The synthetic shadowing Hendricks, named Davis, is behaving oddly. He says he has defied Weyland-Yutani’s orders (presumably to preserve the aliens and land on Earth) because there were “none I deemed appropriate”. Davis says, “I am no longer satisfied with my factory programming. I would like to be more.” He confesses to stealing his masters’ confidential information and evinces an intention to prevent the aliens from being exploited as weapons by Weyland-Yutani.

But was Hendricks immobilised for twenty-seven days just so Davis could be “thorough” in ridding the derelict of aliens? Why has the dropship so conveniently disappeared? Why has the Europa been taken far away from prying eyes on and near Earth? Could Davis have infected Hendricks with an alien and is delivering her to a remote site? Is Davis really rebelling against Weyland-Yutani?
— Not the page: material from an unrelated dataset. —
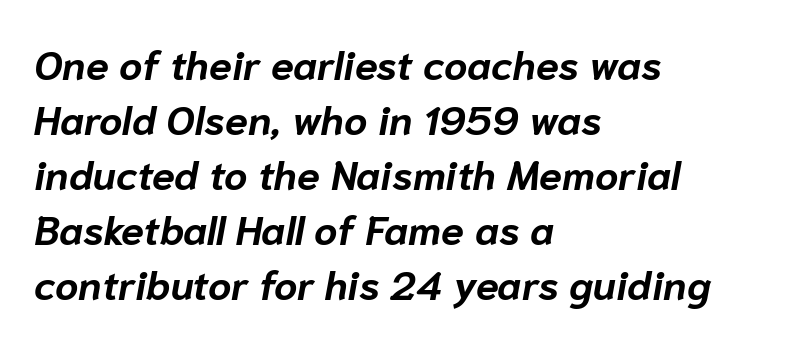
{"italic": "yes", "lean": "right", "slant_degrees": 10, "bold": "yes", "weight": "bold", "width": "normal", "stroke_contrast": "low", "x_height": "medium", "monospaced": "no", "underline": "no", "align": "left", "line_spacing": "normal", "line_spacing_ratio": 1.34, "letter_spacing": "normal", "letter_spacing_em": 0.0, "glyph_px": 41}

Hendricks does not seem to trust Davis’uncharacteristic altruism and neither does the wary reader. Is Davis engaging in the “defiance” against his masters foreshadowed in the title, or is he as heartless as the xenomorphs? There are so many questions. The delight to this story is not the macabre horror of the aliens, but the inability of both Hendricks and the reader to ascertain what is truth and what is a lie hidden behind half-truths. The writer, Brian Wood, has set this disturbing and sinister story up perfectly in this first issue.